# want to move to Spain!



## linsymcrae (Jun 11, 2008)

Hey all im new here! 
My husband and I are looking into moving to Spain permanently but we are unsure about what we form etc we need to fill or get or whether we can move straight away without needing anything! 
Any info you can give me will be fab 

Linsy x


----------



## jojo (Sep 20, 2007)

If you have a passport and are in the EU, you just come over! You need to make appointments to view properties etc before you come out really - or at least have a hotel booked for a few weeks to enable you to find somewhere. However, to own a car you need an NIE number and a residentia certificate, which you get from the local town hall, but you cant do that until you have a permenant address - but thats the only paperwork you need to start with

Jo


----------



## Goldberg (May 24, 2007)

Yes, we are all in the EU, so you just come on over and start working, or living.

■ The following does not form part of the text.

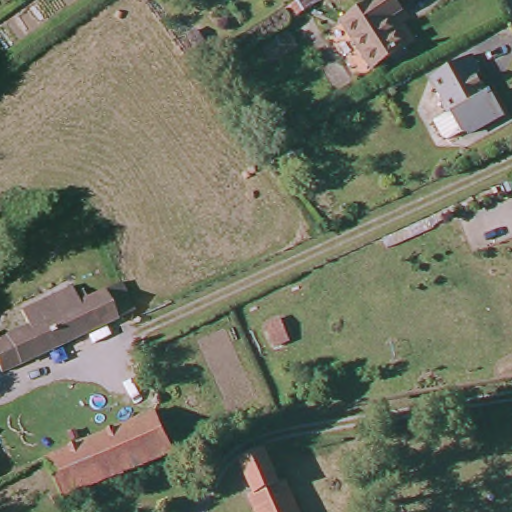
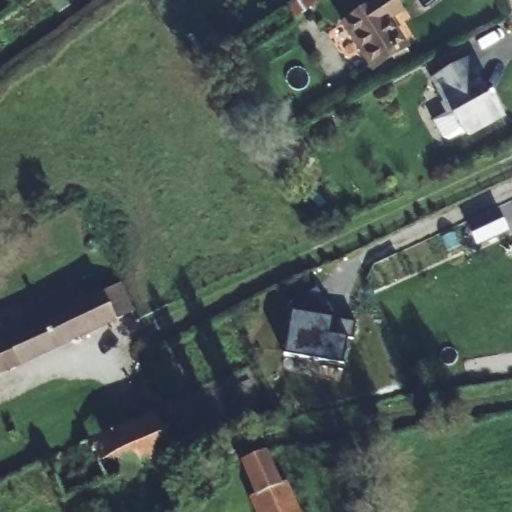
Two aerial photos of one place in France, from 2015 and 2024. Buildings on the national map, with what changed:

If you work self employed you will need to set up AUTONOMO, which pays contributions in to the social security system of spain and pay taxes etc.

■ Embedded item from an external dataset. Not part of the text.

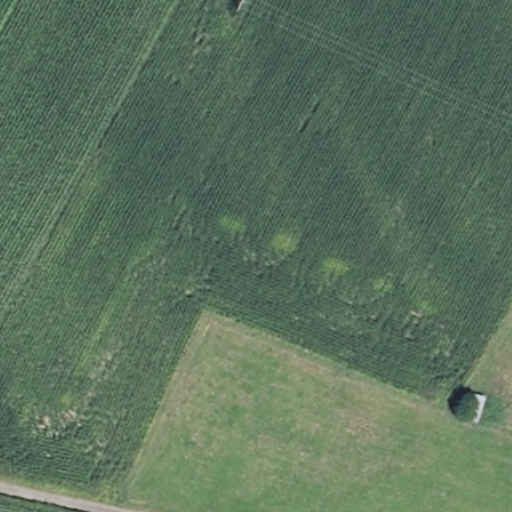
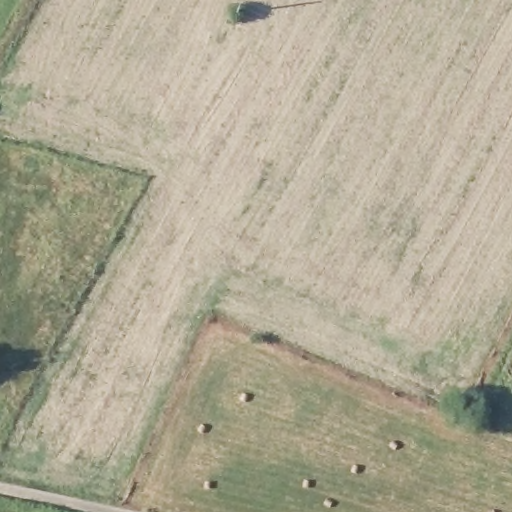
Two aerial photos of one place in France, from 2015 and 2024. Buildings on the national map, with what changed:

If you work for other people you will need by law an employment contract.
If you dont do either of these you are working illegally. Which would be problematic.

Good luck.


----------



## Big Pete (Aug 7, 2007)

linsymcrae said:


> Hey all im new here!
> My husband and I are looking into moving to Spain permanently but we are unsure about what we form etc we need to fill or get or whether we can move straight away without needing anything!
> Any info you can give me will be fab
> 
> Linsy x


Hi and welcome Linsy

The above answers to your concerns are right any other info you need just ask away


----------